もう少し読み進めていくと、注5にはこのように記載されています。
身体介護が中心である指定訪問介護を行った後に引き続き所時間20分以上の生活援助が中心である指定訪問介護を行ったとき(イ(1)の所定単位数を算定する場合を除く。)は、イの所単位数にかかわらず、イの所定単位数に当該生活援助が中心である指定訪問介護の所要時間が20分から計算して25分を増す位(210単位を限度とする。
)を加算した単位数を算定する。
つまりこれが身体生活の身体の後に続く生活援助の内容ですね。
今回の利用回数制限に該当するのは注3に限るとしていますので、
注5の身体生活は利用回数の制限に該当しないという解釈になります。
なんか訪問介護の事業所がやたら身体介護をくっつけたがるようになったりするかもしれませんけど。
上限を超えるプランには地域ケア会議が必要
上限を超える必要がある場合は地域ケア会議が必要になるようで、
特定事業所集中減算のときもそうでしたけど、
地域ケア会議をそんなことのために使うなと言いたい。
そもそも国ももう地域ケア会議にあまり期待していないんだろうなと。
上限を超えても生活援助を受けられる方法
ついでに、定期巡回随時対応型訪問介護看護にはもちろん上限なんてありません。
まるめの月額固定報酬ですから。
いくらでも使えるとは言いませんが、少なくともこの上限回数以上の訪問を受けることはできるでしょう。
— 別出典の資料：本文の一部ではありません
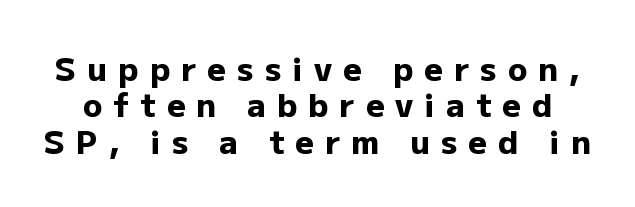
Ordinary non-slanted type is in use. A dark, heavy texture on the line: the type is bold. Horizontal bands of white between lines are thin slivers. Are there feet on the stems? There aren't — it's a sans.
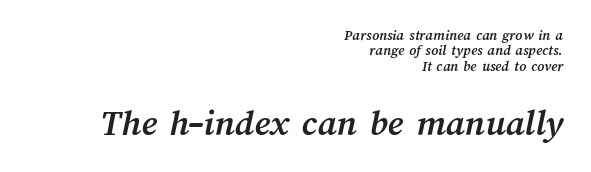
The image shows 38 px semibold type; set right-aligned, tight line spacing (1.02x), normal letter spacing, not underlined; the second (bottom) block is 2.53x larger; medium stroke contrast and a medium x-height.
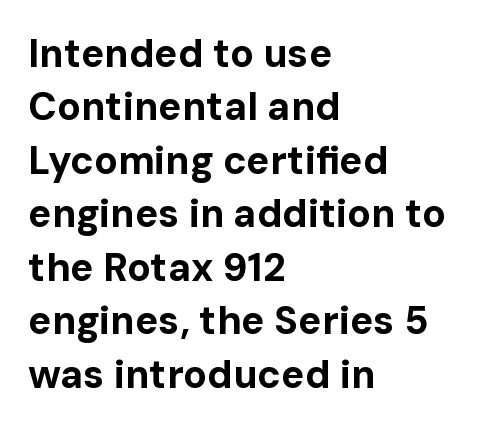
The compositor pushed each line to the left boundary. Nothing sits at the stroke ends, so this counts as sans-serif. Each new line begins a customary step beneath the previous one. These lines keep a tight, regular rhythm from letter to letter. This is the regular roman posture of the typeface. Letters rest on an invisible, unmarked baseline.
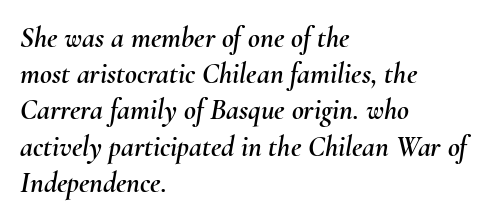
Is the letter spacing exaggerated? No — it looks like the ordinary default. Yep, that's italic — everything's leaning. Has an underline been added? It has not. This sample has the flowing, uneven cadence of proportional lettering. Vertical spacing — default. Each line starts at the same left margin while the right side varies.
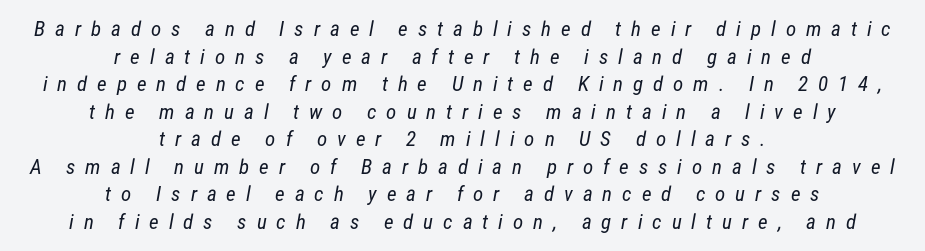
Q: Is the text bold? A: No.
Q: Is the text underlined? A: No.
Q: How is the paragraph aligned? A: Centered.
Q: Is the spacing between letters normal or unusually wide? A: Unusually wide.
Q: Is the spacing between lines tight, normal or loose? A: Normal.
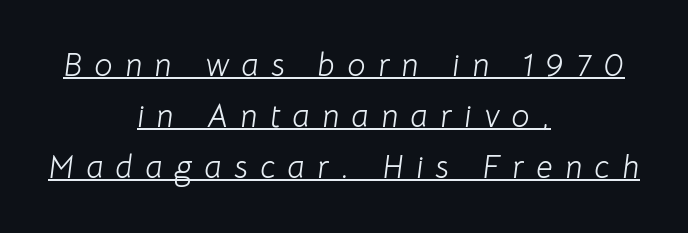
This block has exactly the height ordinary leading produces. Does the lettering tilt? It does — this is italic. The face used here appears with an underline applied. Stroke mass is kept to a normal reading level or below. A typesetter would call this proportional, since set widths differ per character. Look at the tracking — it's clearly loosened, letters drifting apart.
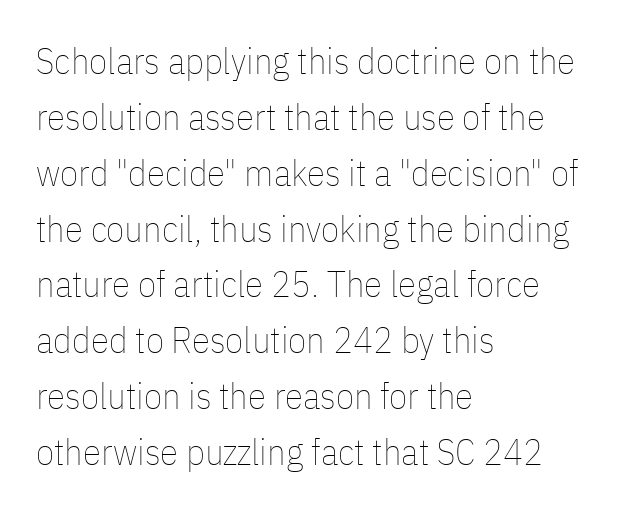
When letters stand straight like this, we call the style roman or upright. Reading down the block, your eye returns to a fixed left position each line. The zone under the glyphs is completely vacant. Baseline-to-baseline distance is the conventional proportion of letter height. No heavy texture on the line: the type isn't bold. Letter spacing: default.
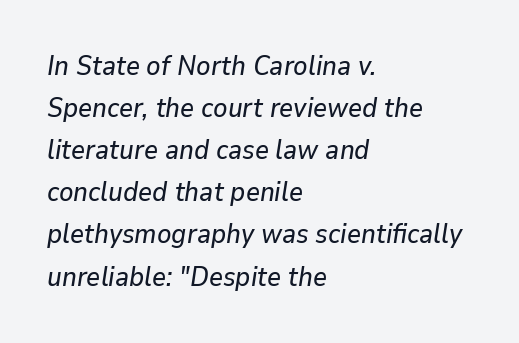
The image shows 27 px text type, italic (leaning right); set left-aligned, normal line spacing (1.56x), normal letter spacing, not underlined.
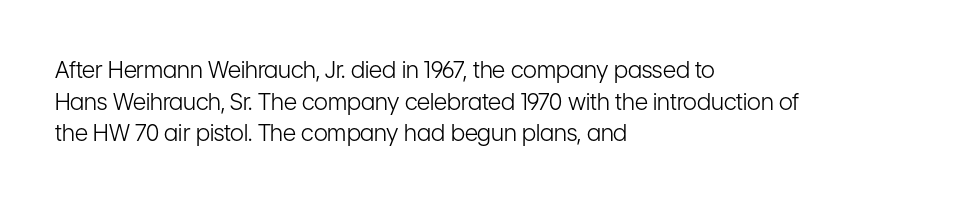
Q: Is the text bold? A: No.
Q: Is the text italic (slanted)? A: No, it is upright.
Q: Is the text underlined? A: No.
Q: How is the paragraph aligned? A: Left-aligned.
Q: Is the spacing between letters normal or unusually wide? A: Normal.
Q: Is the spacing between lines tight, normal or loose? A: Normal.
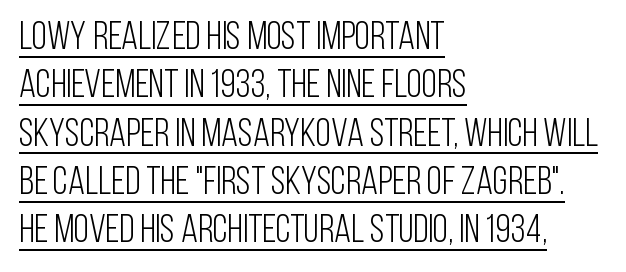
Q: Is the text bold? A: No.
Q: Is the text italic (slanted)? A: No, it is upright.
Q: Is the typeface a serif or a sans-serif typeface? A: Sans-serif.
Q: Is the text underlined? A: Yes.
Q: How is the paragraph aligned? A: Left-aligned.
Q: Is the spacing between letters normal or unusually wide? A: Normal.
Q: Width (condensed, normal, or wide)? A: Condensed.
Q: Stroke contrast? A: Low.
Q: x-height? A: Large.
Q: Monospaced? A: No.
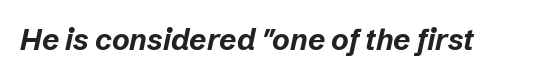
A bare baseline throughout the passage. How are the letters spaced? Ordinarily, with no added tracking. The passage shown is typed in a proportional face where columns would drift. On the weight axis this lands at bold, roughly 700. The passage shown leans; its letterforms are oblique.
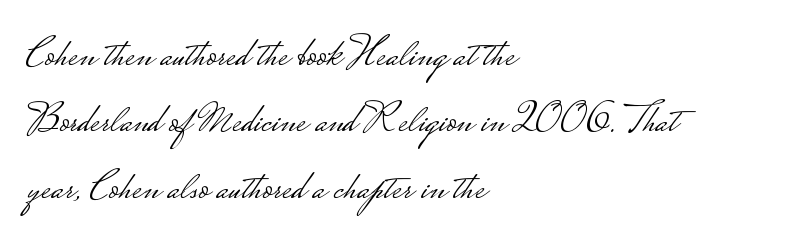
The image shows 42 px light, wide sans-serif type; set left-aligned, normal line spacing (1.58x), normal letter spacing, not underlined; low stroke contrast.
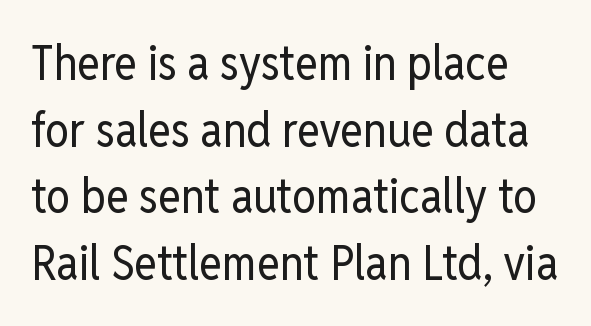
Q: Is the text bold? A: No.
Q: Is the text italic (slanted)? A: No, it is upright.
Q: Is the typeface a serif or a sans-serif typeface? A: Sans-serif.
Q: Is the text underlined? A: No.
Q: Is the spacing between letters normal or unusually wide? A: Normal.
Q: Is the spacing between lines tight, normal or loose? A: Normal.
Q: Width (condensed, normal, or wide)? A: Condensed.
Q: Stroke contrast? A: Low.
Q: x-height? A: Medium.
Q: Monospaced? A: No.
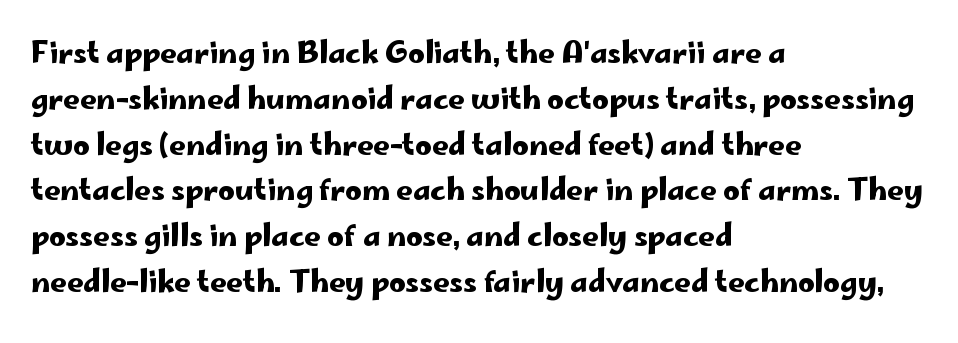
Upright lettering throughout. The designer went with a sans here, leaving each stem footless. Observe the ordinary spacing: letters are neighbours, not strangers. Beneath every word, the page is bare. The block of text has a typical density, with ordinary space between rows. You could not count columns in this text — the font is proportionally spaced.
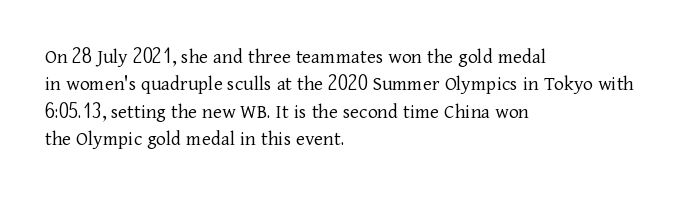
The image shows 21 px text type, upright; set left-aligned, normal line spacing (1.3x), normal letter spacing, not underlined.
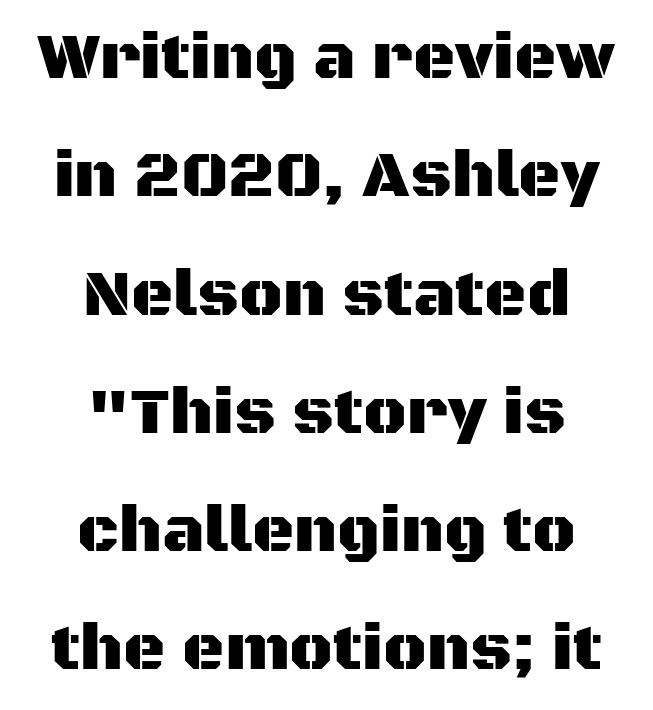
Think of a printed novel: that variable character pitch is what you see here. The letters stand straight up with perfectly vertical stems. Decoration check: the copy has no underline. A typesetter would label this face a sans.
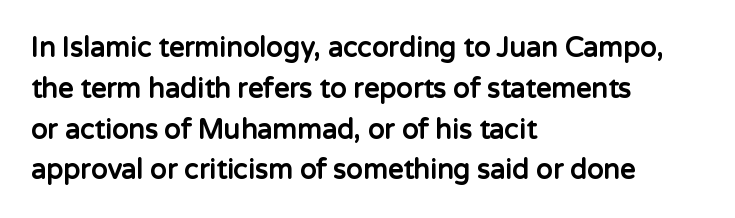
This is the regular roman posture of the typeface. Regarding leading, the lines here are spaced in the standard way. Heft: maximum for text — a bold. The specimen omits any rule beneath the text block's lines.

もちろん、そういう意味では小規模多機能型居宅介護や看護小規模多機能型居宅介護もそうですね。
まあ、小規模多機能は基本的には訪問は通所を補完する役割くらいで、あまり訪問しない事業所も多いので、そんなことをするところはないと思いますけれど。
国は定期巡回をどんどん広めていきたいようなので、そんな方法もありなんですかね。
それで限度額内で使えるサービスが限られてしまうと・・・。